## What you need to do:
Print the entries exactly; skip the pictures.

## Input data:
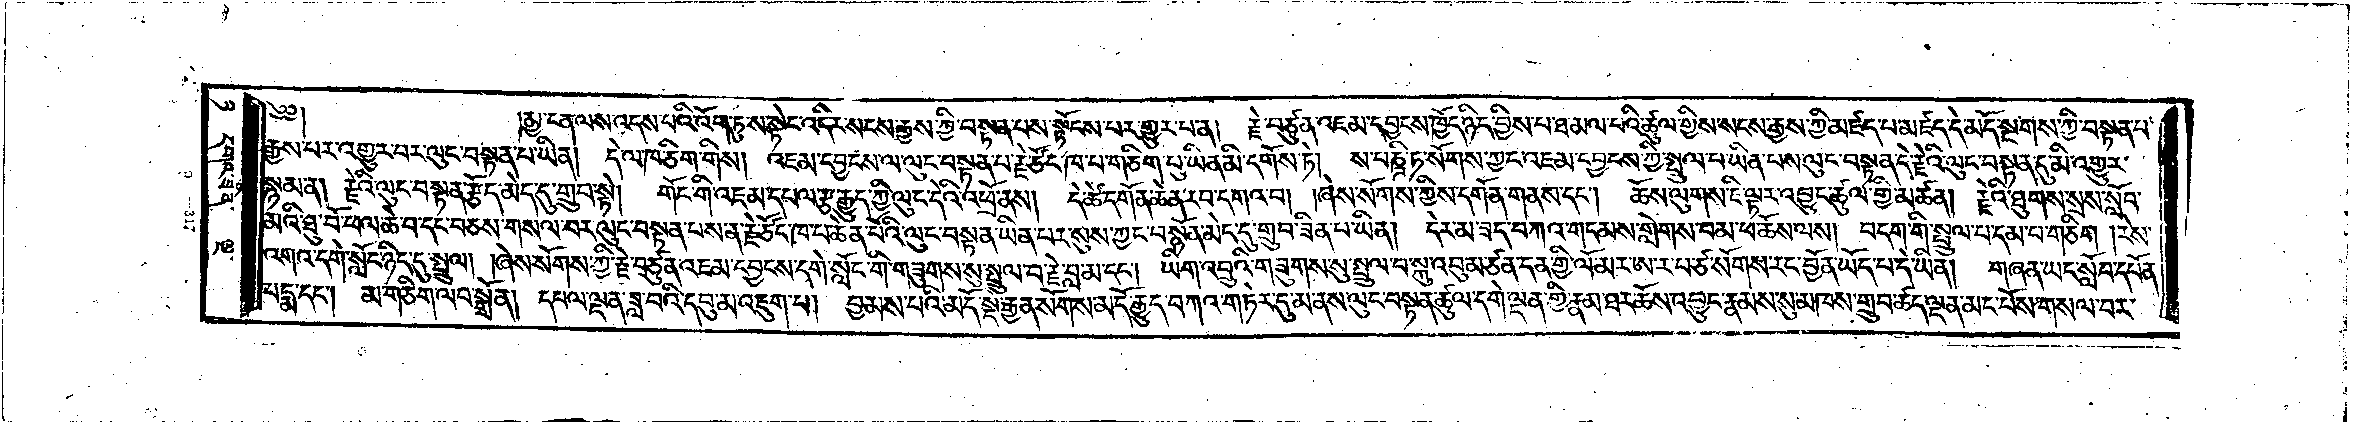༄༅། །མྱང་ངན་ལས་འདས་པའི་འོག་ཏུ་ས་སྟེང་འདིར་སངས་རྒྱས་ཀྱི་བསྟན་པས་སྟོངས་པར་གྱུར་པ་ན། རྗེ་བཙུན་འཇམ་དབྱངས་ཁྱོད་ཉིད་བྱིས་པ་ཐ་མལ་པའི་ཚུལ་གྱིས་སངས་རྒྱས་ཀྱི་མཛད་པ་མཛད་དེ་མདོ་སྔགས་ཀྱི་བསྟན་པ་
རྒྱས་པར་འགྱུར་བར་ལུང་བསྟན་པ་ཡིན། དེ་ལ་ཁ་ཅིག་གིས། འཇམ་དབྱངས་ལ་ལུང་བསྟན་པ་རྗེ་ཙོང་ཁ་པ་གཅིག་པུ་ཡིན་མི་དགོས་ཏེ། ས་པཎྜི་ཏ་སོགས་ཀྱང་འཇམ་དབྱངས་ཀྱི་སྤྲུལ་པ་ཡིན་པས་ལུང་བསྟན་དེ་རྗེའི་ལུང་བསྟན་དུ་མི་འགྱུར་
སྙམ་ན། རྗེའི་ལུང་བསྟན་རྩོད་མེད་དུ་གྲུབ་སྟེ། གོང་གི་འཇམ་དཔལ་རྩ་རྒྱུད་ཀྱི་ལུང་དེའི་འཕྲོ་ནས། དེ་ཚེ་དགོན་ཆེན་རབ་དགའ་བ། །ཞེས་སོགས་ཀྱིས་དགོན་གནས་དང་། ཆོས་ལུགས་ཇི་ལྟར་འབྱུང་ཚུལ་གྱི་མཚན། རྗེའི་ཐུགས་སྲས་སློབ་
མའི་ཐུ་བོ་ཕལ་ཆེ་བ་དང་བཅས་གསལ་བར་ལུང་བསྟན་པས་ན་རྗེ་ཙོང་ཁ་པ་ཆེན་པོའི་ལུང་བསྟན་ཡིན་པར་སུས་ཀྱང་བསྙོན་མེད་དུ་གྲུབ་ཟིན་པ་ཡིན། དེར་མ་ཟད་བཀའ་གདམས་གླེགས་བམ་ཕ་ཆོས་ལས། བདག་གི་སྤྲུལ་པ་དམ་པ་གཅིག །རེས་
འགའ་དགེ་སློང་ཉིད་དུ་སྤྲུལ། །ཞེས་སོགས་ཀྱི་རྗེ་བཙུན་འཇམ་དབྱངས་དགེ་སློང་གི་གཟུགས་སུ་སྤྲུལ་པ་རྗེ་བླ་མ་དང་། ཡིག་འབྲུའི་གཟུགས་སུ་སྤྲུལ་བ་སྐུ་འབུམ་ཙན་དན་གྱི་ལོ་མར་ཨ་ར་པ་ཙ་སོགས་རང་བྱོན་ཡོད་པ་དེ་ཡིན། གཞན་ཡང་སློབ་དཔོན་
པདམ་དང་། མ་གཅིག་ལབ་སྒྲོན། དཔལ་ལྡན་ཟླ་བའི་དབུ་མ་འཇུག་པ། བྱམས་པའི་མདོ་སྡེ་རྒྱན་སོགས་མདོ་རྒྱུད་བཀའ་གཏེར་དུ་མ་ནས་ལུང་བསྟན་ཚུལ་དགེ་ལྡན་གྱི་རྣམ་ཐར་ཆོས་འབྱུང་རྣམས་སུ་མཁས་གྲུབ་ཚད་ལྡན་མང་པོས་གསལ་བར་

## Output for this exercise:
༄༅། །མྱང་ངན་ལས་འདས་པའི་འོག་ཏུ་ས་སྟེང་འདིར་སངས་རྒྱས་ཀྱི་བསྟན་པས་སྟོངས་པར་གྱུར་པ་ན། རྗེ་བཙུན་འཇམ་དབྱངས་ཁྱོད་ཉིད་བྱིས་པ་ཐ་མལ་པའི་ཚུལ་གྱིས་སངས་རྒྱས་ཀྱི་མཛད་པ་མཛད་དེ་མདོ་སྔགས་ཀྱི་བསྟན་པ་
རྒྱས་པར་འགྱུར་བར་ལུང་བསྟན་པ་ཡིན། དེ་ལ་ཁ་ཅིག་གིས། འཇམ་དབྱངས་ལ་ལུང་བསྟན་པ་རྗེ་ཙོང་ཁ་པ་གཅིག་པུ་ཡིན་མི་དགོས་ཏེ། ས་པཎྜི་ཏ་སོགས་ཀྱང་འཇམ་དབྱངས་ཀྱི་སྤྲུལ་པ་ཡིན་པས་ལུང་བསྟན་དེ་རྗེའི་ལུང་བསྟན་དུ་མི་འགྱུར་
སྙམ་ན། རྗེའི་ལུང་བསྟན་རྩོད་མེད་དུ་གྲུབ་སྟེ། གོང་གི་འཇམ་དཔལ་རྩ་རྒྱུད་ཀྱི་ལུང་དེའི་འཕྲོ་ནས། དེ་ཚེ་དགོན་ཆེན་རབ་དགའ་བ། །ཞེས་སོགས་ཀྱིས་དགོན་གནས་དང་། ཆོས་ལུགས་ཇི་ལྟར་འབྱུང་ཚུལ་གྱི་མཚན། རྗེའི་ཐུགས་སྲས་སློབ་
མའི་ཐུ་བོ་ཕལ་ཆེ་བ་དང་བཅས་གསལ་བར་ལུང་བསྟན་པས་ན་རྗེ་ཙོང་ཁ་པ་ཆེན་པོའི་ལུང་བསྟན་ཡིན་པར་སུས་ཀྱང་བསྙོན་མེད་དུ་གྲུབ་ཟིན་པ་ཡིན། དེར་མ་ཟད་བཀའ་གདམས་གླེགས་བམ་ཕ་ཆོས་ལས། བདག་གི་སྤྲུལ་པ་དམ་པ་གཅིག །རེས་
འགའ་དགེ་སློང་ཉིད་དུ་སྤྲུལ། །ཞེས་སོགས་ཀྱི་རྗེ་བཙུན་འཇམ་དབྱངས་དགེ་སློང་གི་གཟུགས་སུ་སྤྲུལ་པ་རྗེ་བླ་མ་དང་། ཡིག་འབྲུའི་གཟུགས་སུ་སྤྲུལ་བ་སྐུ་འབུམ་ཙན་དན་གྱི་ལོ་མར་ཨ་ར་པ་ཙ་སོགས་རང་བྱོན་ཡོད་པ་དེ་ཡིན། གཞན་ཡང་སློབ་དཔོན་
པདམ་དང་། མ་གཅིག་ལབ་སྒྲོན། དཔལ་ལྡན་ཟླ་བའི་དབུ་མ་འཇུག་པ། བྱམས་པའི་མདོ་སྡེ་རྒྱན་སོགས་མདོ་རྒྱུད་བཀའ་གཏེར་དུ་མ་ནས་ལུང་བསྟན་ཚུལ་དགེ་ལྡན་གྱི་རྣམ་ཐར་ཆོས་འབྱུང་རྣམས་སུ་མཁས་གྲུབ་ཚད་ལྡན་མང་པོས་གསལ་བར་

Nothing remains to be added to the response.